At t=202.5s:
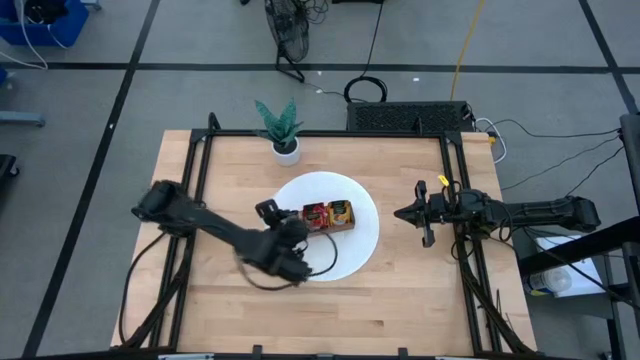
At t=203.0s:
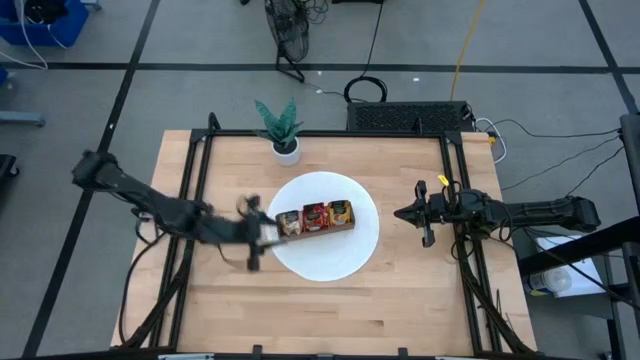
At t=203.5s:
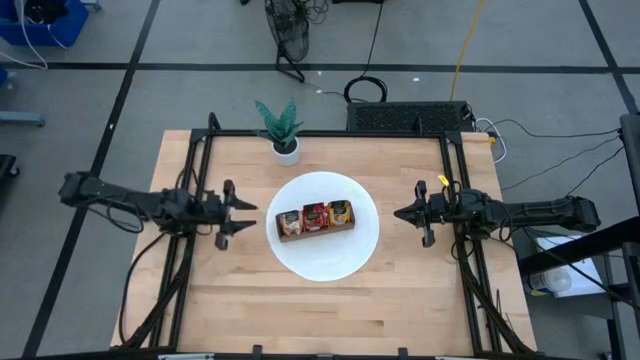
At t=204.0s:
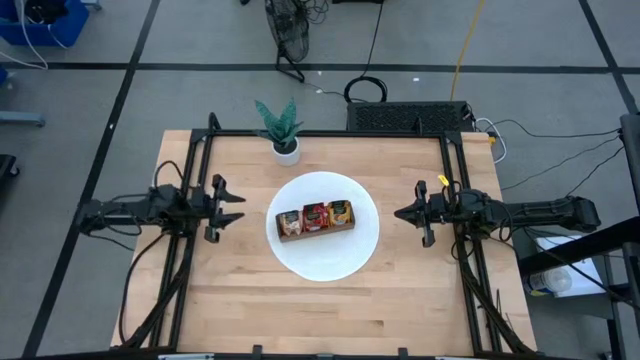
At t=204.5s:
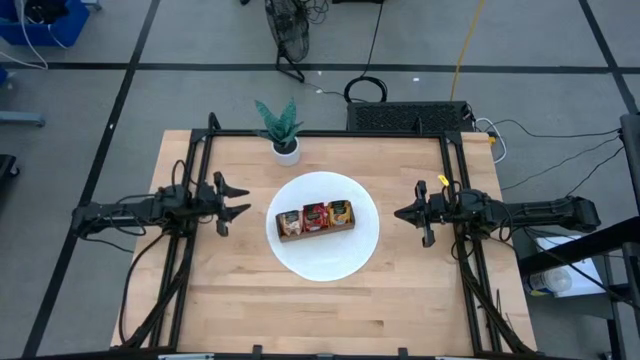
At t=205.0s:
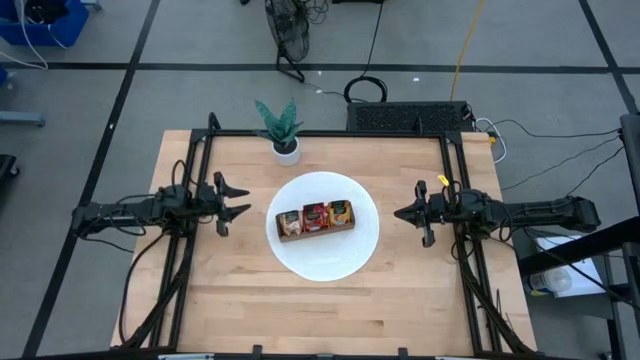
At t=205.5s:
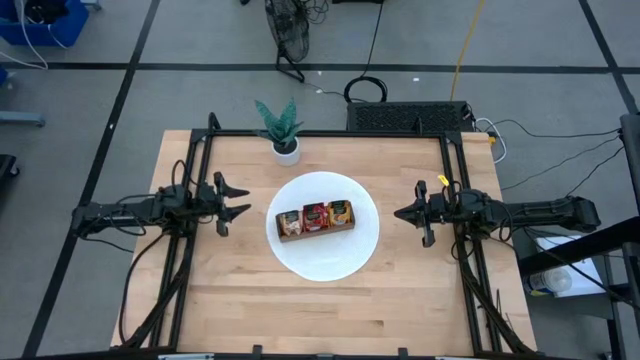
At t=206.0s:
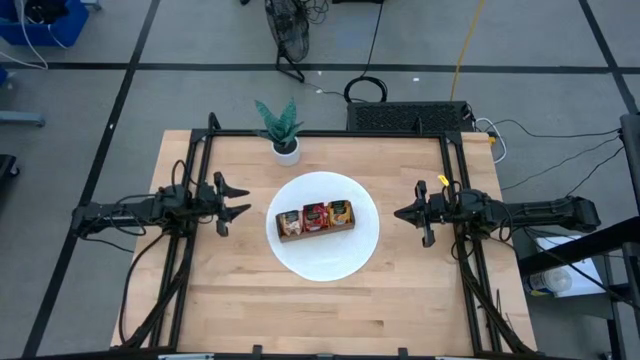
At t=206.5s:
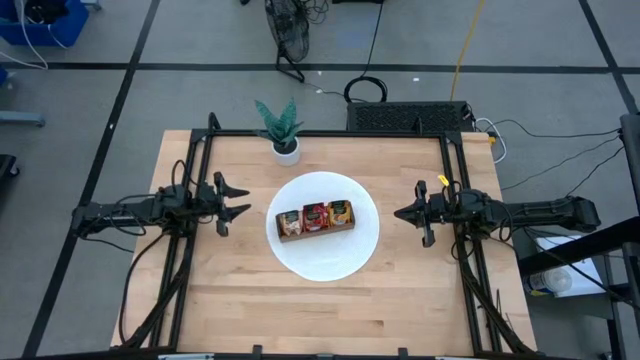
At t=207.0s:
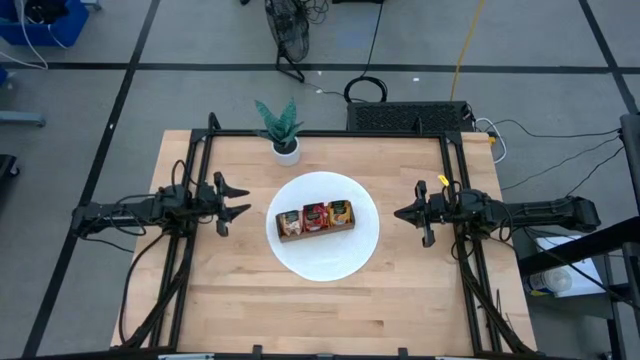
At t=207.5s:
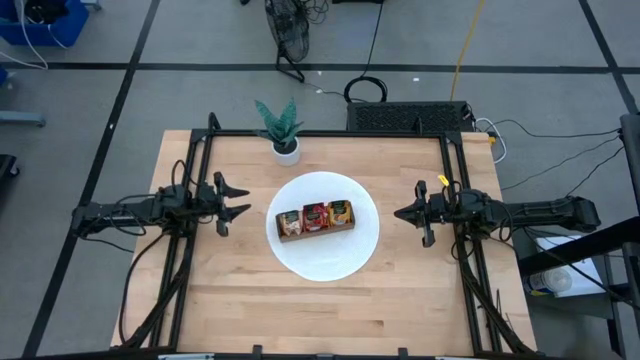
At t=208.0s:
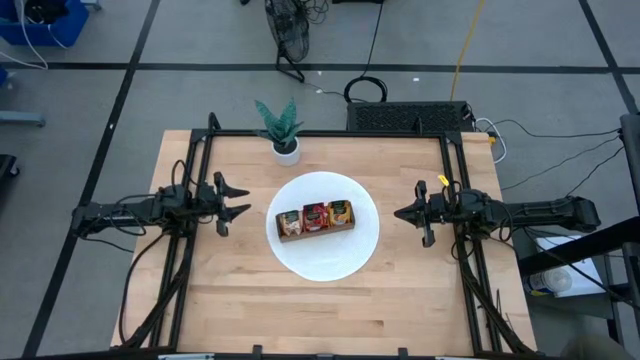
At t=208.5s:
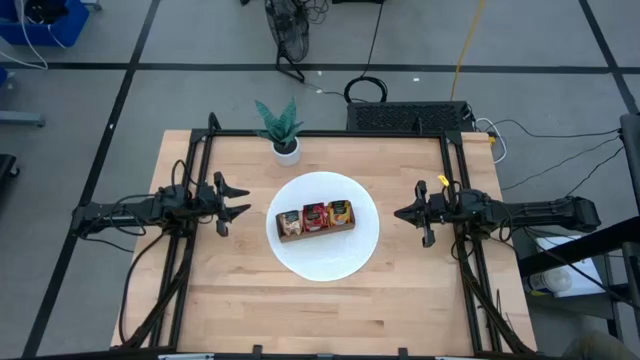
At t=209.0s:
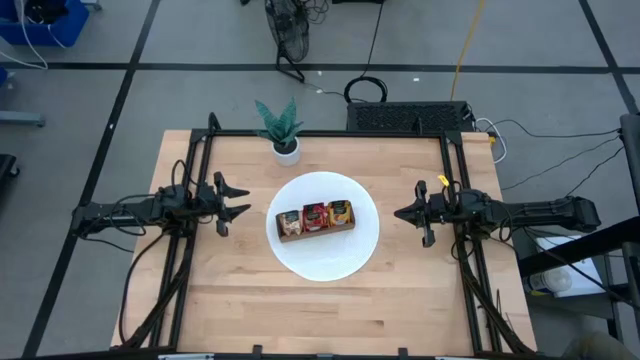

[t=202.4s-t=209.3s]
Return to Home Position

- - - - - - -

About this task:
Without any of the pictures, reproduce the listing above exactly.

Result for this task:
At t=202.5s:
At t=203.0s:
At t=203.5s:
At t=204.0s:
At t=204.5s:
At t=205.0s:
At t=205.5s:
At t=206.0s:
At t=206.5s:
At t=207.0s:
At t=207.5s:
At t=208.0s:
At t=208.5s:
At t=209.0s:

[t=202.4s-t=209.3s]
Return to Home Position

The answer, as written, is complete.